マルチプロセッシングモジュールでPool.map_async()
(および)を使用するときに問題が発生します。に入力された関数が「通常の」関数であるPool.map()
限り、正常に機能するループ並列関数を実装しました。Pool.map_async
関数が例えばクラスへのメソッドである場合、私は:を取得しPicklingError
ます
cPickle.PicklingError: Can't pickle <type 'function'>: attribute lookup __builtin__.function failed
私はPythonを科学計算にのみ使用しているので、ピクルスの概念にあまり精通しておらず、今日それについて少し学びました。マルチプロセッシングPool.map()を使用しているときに<type'instancemethod'>をピクルすることができないなど、以前のいくつかの回答を見てきましたが、回答で提供されているリンクをたどっても、それを機能させる方法がわかりません。
私のコード。目的は、複数のコアを使用して通常のrvのベクトルをシミュレートすることです。
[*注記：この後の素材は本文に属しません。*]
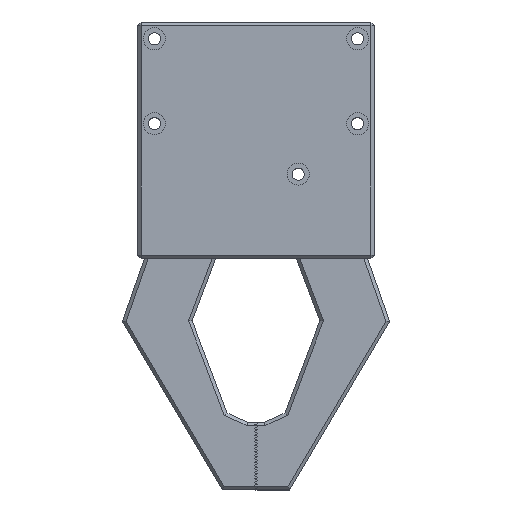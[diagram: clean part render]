
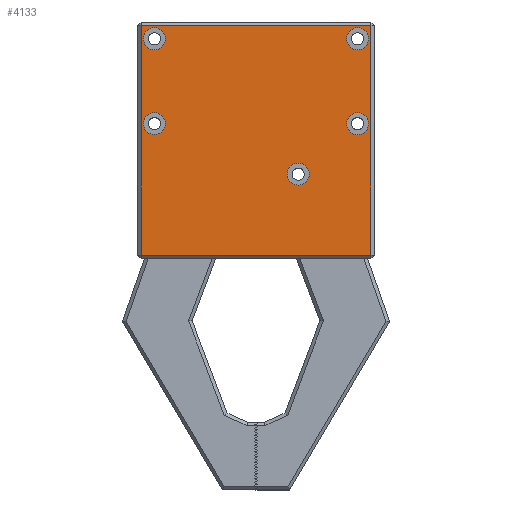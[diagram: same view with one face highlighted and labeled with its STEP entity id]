
A CAD part, top view. The second image highlights one B-rep face of the part: STEP entity #4133.
In plain terms, the highlighted planar face has unit normal (0, 0, 1).
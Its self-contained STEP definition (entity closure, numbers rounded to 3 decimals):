
#4133=ADVANCED_FACE('',(#16692,#16694,#16696,#16698,#16700,#16702),#16704,.T.);
#16692=FACE_BOUND('',#16693,.T.);
#16693=EDGE_LOOP('',(#26410,#26411,#26412,#26413));
#16694=FACE_BOUND('',#16695,.T.);
#16695=EDGE_LOOP('',(#26414));
#16696=FACE_BOUND('',#16697,.T.);
#16697=EDGE_LOOP('',(#26415));
#16698=FACE_BOUND('',#16699,.T.);
#16699=EDGE_LOOP('',(#26416));
#16700=FACE_BOUND('',#16701,.T.);
#16701=EDGE_LOOP('',(#26417));
#16702=FACE_BOUND('',#16703,.T.);
#16703=EDGE_LOOP('',(#26418));
#16704=PLANE('',#16705);
#16705=AXIS2_PLACEMENT_3D('',#16706,#16707,#16708);
#16706=CARTESIAN_POINT('',(0.,0.,6.6));
#16707=DIRECTION('',(0.,0.,1.));
#16708=DIRECTION('',(-1.,0.,0.));
#26410=ORIENTED_EDGE('',*,*,#31261,.T.);
#26411=ORIENTED_EDGE('',*,*,#31262,.T.);
#26412=ORIENTED_EDGE('',*,*,#31263,.T.);
#26413=ORIENTED_EDGE('',*,*,#31264,.T.);
#26414=ORIENTED_EDGE('',*,*,#31265,.T.);
#26415=ORIENTED_EDGE('',*,*,#31266,.T.);
#26416=ORIENTED_EDGE('',*,*,#31267,.T.);
#26417=ORIENTED_EDGE('',*,*,#31268,.T.);
#26418=ORIENTED_EDGE('',*,*,#31269,.T.);
#31261=EDGE_CURVE('',#39193,#39194,#39195,.T.);
#31262=EDGE_CURVE('',#39194,#39196,#39197,.T.);
#31263=EDGE_CURVE('',#39196,#39198,#39199,.T.);
#31264=EDGE_CURVE('',#39198,#39193,#39200,.T.);
#31265=EDGE_CURVE('',#39201,#39201,#39202,.F.);
#31266=EDGE_CURVE('',#39203,#39203,#39204,.F.);
#31267=EDGE_CURVE('',#39205,#39205,#39206,.F.);
#31268=EDGE_CURVE('',#39207,#39207,#39208,.F.);
#31269=EDGE_CURVE('',#39209,#39209,#39210,.F.);
#39193=VERTEX_POINT('',#58705);
#39194=VERTEX_POINT('',#58706);
#39195=LINE('',#58707,#58708);
#39196=VERTEX_POINT('',#58710);
#39197=LINE('',#58711,#58712);
#39198=VERTEX_POINT('',#58714);
#39199=LINE('',#58715,#58716);
#39200=LINE('',#58718,#58719);
#39201=VERTEX_POINT('',#58721);
#39202=CIRCLE('',#58722,3.25);
#39203=VERTEX_POINT('',#58726);
#39204=CIRCLE('',#58727,3.25);
#39205=VERTEX_POINT('',#58731);
#39206=CIRCLE('',#58732,3.25);
#39207=VERTEX_POINT('',#58736);
#39208=CIRCLE('',#58737,3.25);
#39209=VERTEX_POINT('',#58741);
#39210=CIRCLE('',#58742,3.25);
#58705=CARTESIAN_POINT('',(-69.,-1.,6.6));
#58706=CARTESIAN_POINT('',(-69.,-69.,6.6));
#58707=CARTESIAN_POINT('',(-69.,-1.,6.6));
#58708=VECTOR('',#58709,1.);
#58709=DIRECTION('',(0.,-1.,0.));
#58710=CARTESIAN_POINT('',(-1.,-69.,6.6));
#58711=CARTESIAN_POINT('',(-69.,-69.,6.6));
#58712=VECTOR('',#58713,1.);
#58713=DIRECTION('',(1.,0.,0.));
#58714=CARTESIAN_POINT('',(-1.,-1.,6.6));
#58715=CARTESIAN_POINT('',(-1.,-69.,6.6));
#58716=VECTOR('',#58717,1.);
#58717=DIRECTION('',(0.,1.,0.));
#58718=CARTESIAN_POINT('',(-1.,-1.,6.6));
#58719=VECTOR('',#58720,1.);
#58720=DIRECTION('',(-1.,0.,0.));
#58721=CARTESIAN_POINT('',(-68.3,-30.05,6.6));
#58722=AXIS2_PLACEMENT_3D('',#58723,#58724,#58725);
#58723=CARTESIAN_POINT('',(-65.05,-30.05,6.6));
#58724=DIRECTION('',(0.,0.,1.));
#58725=DIRECTION('',(-1.,0.,0.));
#58726=CARTESIAN_POINT('',(-8.2,-4.95,6.6));
#58727=AXIS2_PLACEMENT_3D('',#58728,#58729,#58730);
#58728=CARTESIAN_POINT('',(-4.95,-4.95,6.6));
#58729=DIRECTION('',(0.,0.,1.));
#58730=DIRECTION('',(-1.,0.,0.));
#58731=CARTESIAN_POINT('',(-68.3,-4.95,6.6));
#58732=AXIS2_PLACEMENT_3D('',#58733,#58734,#58735);
#58733=CARTESIAN_POINT('',(-65.05,-4.95,6.6));
#58734=DIRECTION('',(0.,0.,1.));
#58735=DIRECTION('',(-1.,0.,0.));
#58736=CARTESIAN_POINT('',(-25.75,-45.,6.6));
#58737=AXIS2_PLACEMENT_3D('',#58738,#58739,#58740);
#58738=CARTESIAN_POINT('',(-22.5,-45.,6.6));
#58739=DIRECTION('',(0.,0.,1.));
#58740=DIRECTION('',(-1.,0.,0.));
#58741=CARTESIAN_POINT('',(-8.2,-30.079,6.6));
#58742=AXIS2_PLACEMENT_3D('',#58743,#58744,#58745);
#58743=CARTESIAN_POINT('',(-4.95,-30.079,6.6));
#58744=DIRECTION('',(0.,0.,1.));
#58745=DIRECTION('',(-1.,0.,0.));
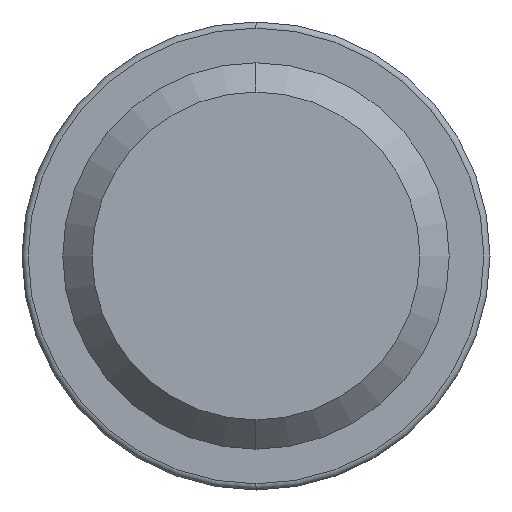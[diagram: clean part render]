
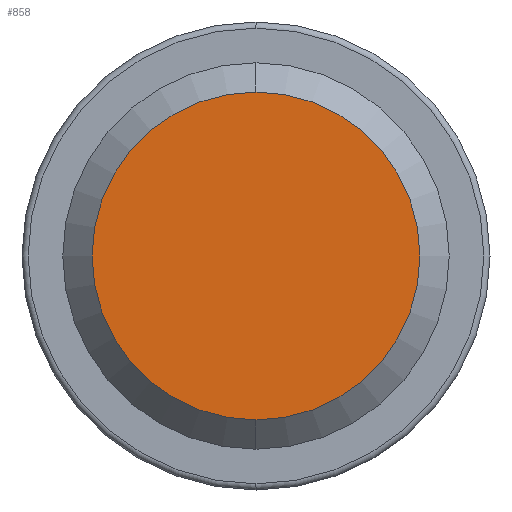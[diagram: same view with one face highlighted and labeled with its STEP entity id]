
A CAD part, left-side view. The second image highlights one B-rep face of the part: STEP entity #858.
In plain terms, the highlighted planar face has unit normal (-1, 0, 0).
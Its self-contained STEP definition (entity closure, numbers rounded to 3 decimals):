
#295=CARTESIAN_POINT('',(-0.004,0.,0.));
#296=DIRECTION('',(-1.,0.,0.));
#297=DIRECTION('',(0.,0.,-1.));
#298=AXIS2_PLACEMENT_3D('',#295,#296,#297);
#300=CARTESIAN_POINT('',(-0.004,0.,0.));
#301=DIRECTION('',(1.,0.,0.));
#302=DIRECTION('',(0.,0.,-1.));
#303=AXIS2_PLACEMENT_3D('',#300,#301,#302);
#485=CARTESIAN_POINT('',(-0.004,0.,-2.252));
#486=VERTEX_POINT('',#485);
#497=CARTESIAN_POINT('',(-0.004,0.,2.252));
#498=VERTEX_POINT('',#497);
#849=CARTESIAN_POINT('',(-0.004,0.,0.));
#850=DIRECTION('',(1.,0.,0.));
#851=DIRECTION('',(0.,0.,1.));
#852=AXIS2_PLACEMENT_3D('',#849,#850,#851);
#853=PLANE('',#852);
#854=ORIENTED_EDGE('',*,*,#842,.F.);
#855=ORIENTED_EDGE('',*,*,#831,.T.);
#856=EDGE_LOOP('',(#854,#855));
#857=FACE_OUTER_BOUND('',#856,.F.);
#858=ADVANCED_FACE('',(#857),#853,.F.);
#299=CIRCLE('',#298,2.252);
#304=CIRCLE('',#303,2.252);
#831=EDGE_CURVE('',#486,#498,#304,.T.);
#842=EDGE_CURVE('',#486,#498,#299,.T.);

これは単なる例であり、複数のコアで実行しても見返りがない場合があることに注意してください。
import multiprocessing as mp
import scipy as sp
import scipy.stats as spstat
def parfor(func, args, static_arg = None, nWorkers = 8, chunksize = None):
"""
Purpose: Evaluate function using Multiple cores.
Input:
func - Function to evaluate in parallel
arg - Array of arguments to evaluate func(arg)
static_arg - The "static" argument (if any), i.e. the variables that are constant in the evaluation of func.
nWorkers - Number of Workers to process computations.
Output:
func(i, static_arg) for i in args.
"""
# Prepare arguments for func: Collect arguments with static argument (if any)
if static_arg != None:
arguments = [[arg] + static_arg for arg in list(args)]
else:
arguments = args
# Initialize workers
pool = mp.Pool(processes = nWorkers)
# Evaluate function
result = pool.map_async(func, arguments, chunksize = chunksize)
pool.close()
pool.join()
return sp.array(result.get()).flatten()
# First test-function. Freeze location and scale for the Normal random variates generator.
# This returns a function that is a method of the class Norm_gen. Methods cannot be pickled
# so this will give an error.
def genNorm(loc, scale):
def subfunc(a):
return spstat.norm.rvs(loc = loc, scale = scale, size = a)
return subfunc
# Second test-function. The same as above but does not return a method of a class. This is a "plain" function and can be
# pickled
def test(fargs):
x, a, b = fargs
return spstat.norm.rvs(size = x, loc = a, scale = b)
# Try it out.
N = 1000000
# Set arguments to function. args1 = [1, 1, 1,... ,1], the purpose is just to generate a random variable of size 1 for each
# element in the output vector.
args1 = sp.ones(N)
static_arg = [0, 1] # standarized normal.
# This gives the PicklingError
func = genNorm(*static_arg)
sim = parfor(func, args1, static_arg = None, nWorkers = 12, chunksize = None)
# This is OK:
func = test
sim = parfor(func, args1, static_arg = static_arg, nWorkers = 12, chunksize = None)
マルチプロセッシングPool.map()を使用しているときに<type'instancemethod'>をピクルスにできないという質問への回答で提供されているリンクをたどると、Steven Bethard(ほぼ最後)がcopy_reg
モジュールの使用を提案します。彼のコードは次のとおりです。
def _pickle_method(method):
func_name = method.im_func.__name__
obj = method.im_self
cls = method.im_class
return _unpickle_method, (func_name, obj, cls)
def _unpickle_method(func_name, obj, cls):
for cls in cls.mro():
try:
func = cls.__dict__[func_name]
except KeyError:
pass
else:
break
return func.__get__(obj, cls)
import copy_reg
import types
copy_reg.pickle(types.MethodType, _pickle_method, _unpickle_method)
これをどうやって利用できるのかよくわかりません。私が思いついたのは、コードの直前に置くことだけでしたが、役に立ちませんでした。簡単な解決策は、もちろん、機能するものを使用して、に関与しないようにすることcopy_reg
です。copy_reg
毎回問題を回避することなく、マルチプロセッシングを最大限に活用するために適切に作業することに興味があります。